» **WHAT IS BEING ASKED**: Scan the entries line by line and return those with "width".
::::::::
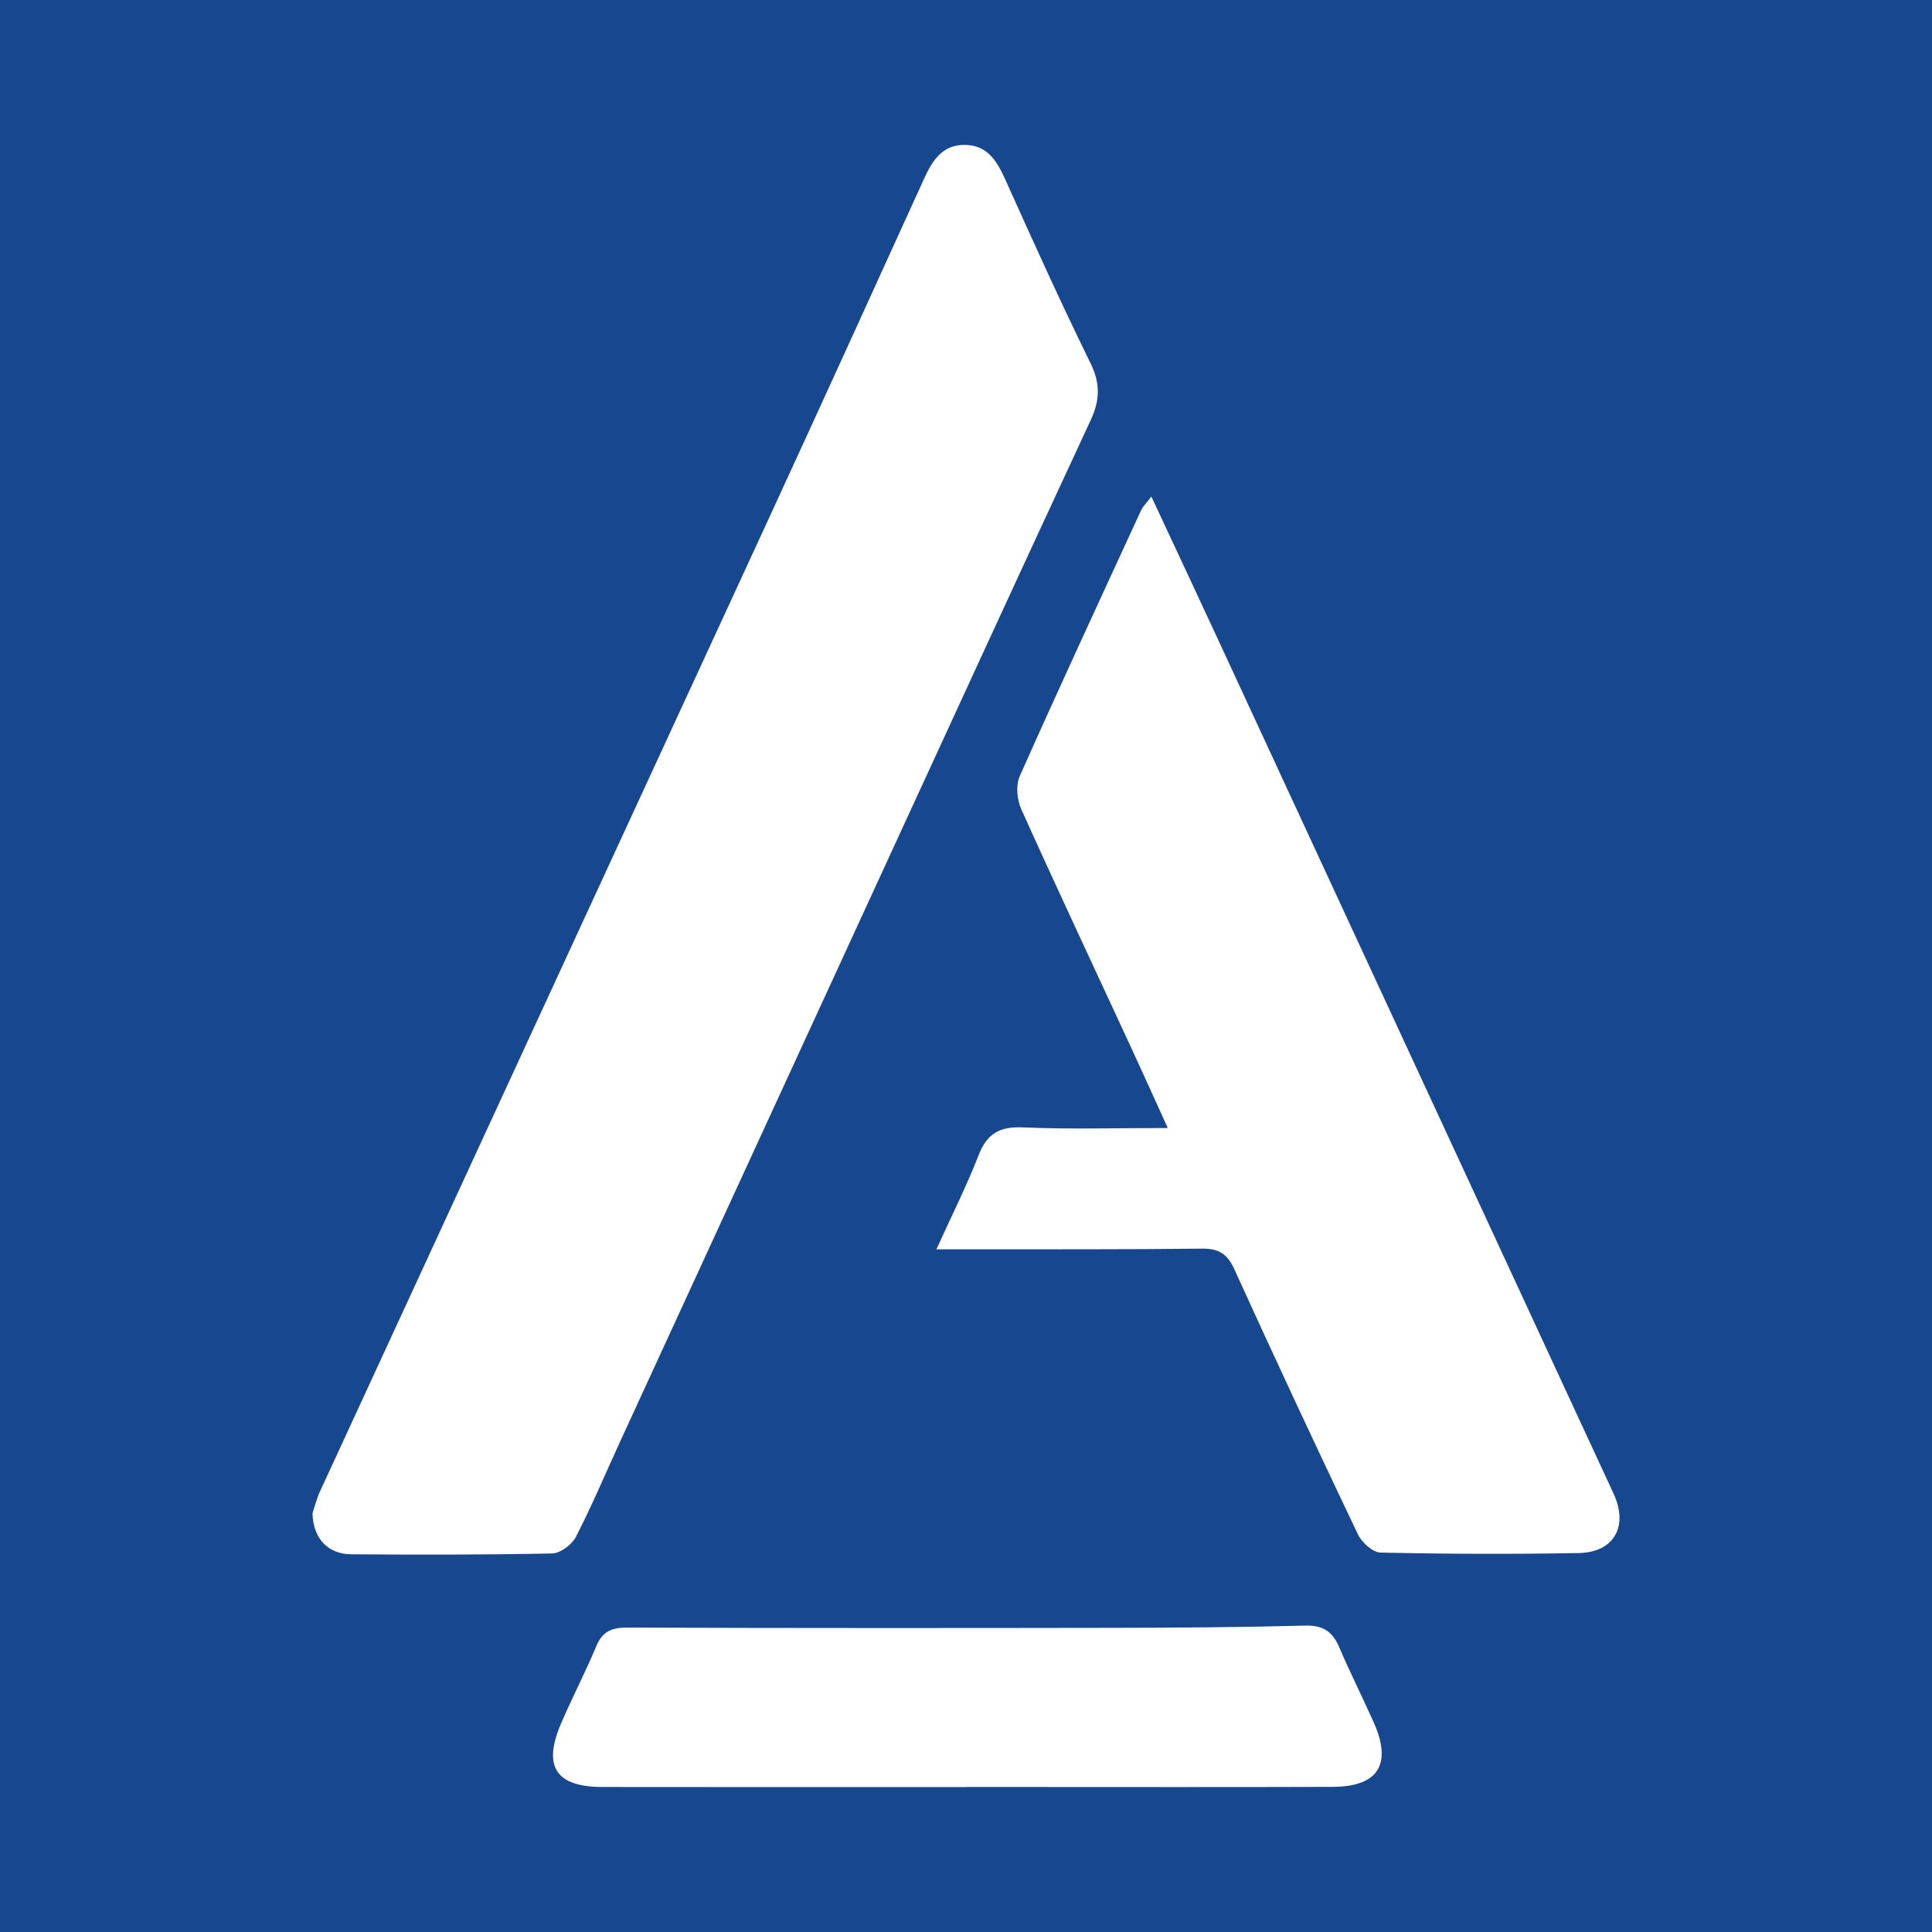 <?xml version="1.0" encoding="utf-8"?>
<!-- Generator: Adobe Illustrator 17.0.0, SVG Export Plug-In . SVG Version: 6.00 Build 0)  -->
<!DOCTYPE svg PUBLIC "-//W3C//DTD SVG 1.1//EN" "http://www.w3.org/Graphics/SVG/1.1/DTD/svg11.dtd">
<svg version="1.1" id="Layer_1" xmlns="http://www.w3.org/2000/svg" xmlns:xlink="http://www.w3.org/1999/xlink" x="0px" y="0px"
	 width="200px" height="200px" viewBox="0 0 200 200" enable-background="new 0 0 200 200" xml:space="preserve">
<rect fill="#17478F" width="200" height="200"/>
<g>
	<path fill="#FFFFFF" d="M32.35,156.664c0.161-0.478,0.387-1.432,0.79-2.305c15.484-33.587,30.996-67.161,46.477-100.75
		c5.385-11.684,10.712-23.395,16.042-35.104c0.853-1.874,1.873-3.523,4.209-3.505c2.315,0.018,3.313,1.622,4.171,3.526
		c2.877,6.386,5.754,12.775,8.844,19.058c1.042,2.118,0.985,3.843,0.02,5.919c-7.418,15.952-14.755,31.941-22.111,47.922
		c-8.855,19.236-17.705,38.473-26.553,57.711c-1.53,3.327-2.949,6.709-4.623,9.962c-0.415,0.807-1.612,1.698-2.468,1.716
		c-6.927,0.148-13.859,0.132-20.788,0.086C33.983,160.885,32.424,159.311,32.35,156.664z"/>
	<path fill="#FFFFFF" d="M119.187,51.402c2.232,4.781,4.268,9.111,6.279,13.453c13.863,29.926,27.722,59.853,41.578,89.783
		c1.549,3.345,0.051,6.064-3.602,6.132c-6.845,0.127-13.696,0.102-20.541-0.048c-0.808-0.018-1.933-1.052-2.333-1.89
		c-4.347-9.117-8.62-18.27-12.802-27.464c-0.727-1.599-1.634-2.128-3.338-2.109c-7.825,0.09-15.651,0.06-23.477,0.072
		c-1.118,0.002-2.236,0-4.016,0c1.626-3.584,3.147-6.593,4.359-9.722c0.868-2.241,2.153-3.007,4.573-2.902
		c4.875,0.212,9.766,0.063,15.019,0.063c-1.313-2.886-2.5-5.531-3.717-8.162c-3.828-8.276-7.707-16.529-11.45-24.843
		c-0.442-0.982-0.579-2.471-0.159-3.414c4.104-9.223,8.354-18.381,12.577-27.551C118.294,52.457,118.594,52.181,119.187,51.402z"/>
	<path fill="#FFFFFF" d="M100.049,184.995c-12.561,0-25.123,0.014-37.684-0.007c-4.817-0.008-6.197-2.104-4.296-6.546
		c1.154-2.696,2.519-5.302,3.647-8.008c0.634-1.521,1.571-1.952,3.183-1.946c16.721,0.058,33.443,0.053,50.164,0.025
		c6.686-0.011,13.373-0.054,20.055-0.232c1.858-0.049,2.833,0.631,3.526,2.254c1.118,2.62,2.406,5.167,3.565,7.77
		c1.924,4.32,0.471,6.652-4.23,6.669c-11.093,0.039-22.186,0.013-33.28,0.013c-1.55,0-3.1,0-4.649,0
		C100.049,184.99,100.049,184.993,100.049,184.995z"/>
</g>
</svg>
::::::::
» **TASK OUTPUT**:
	 width="200px" height="200px" viewBox="0 0 200 200" enable-background="new 0 0 200 200" xml:space="preserve">
<rect fill="#17478F" width="200" height="200"/>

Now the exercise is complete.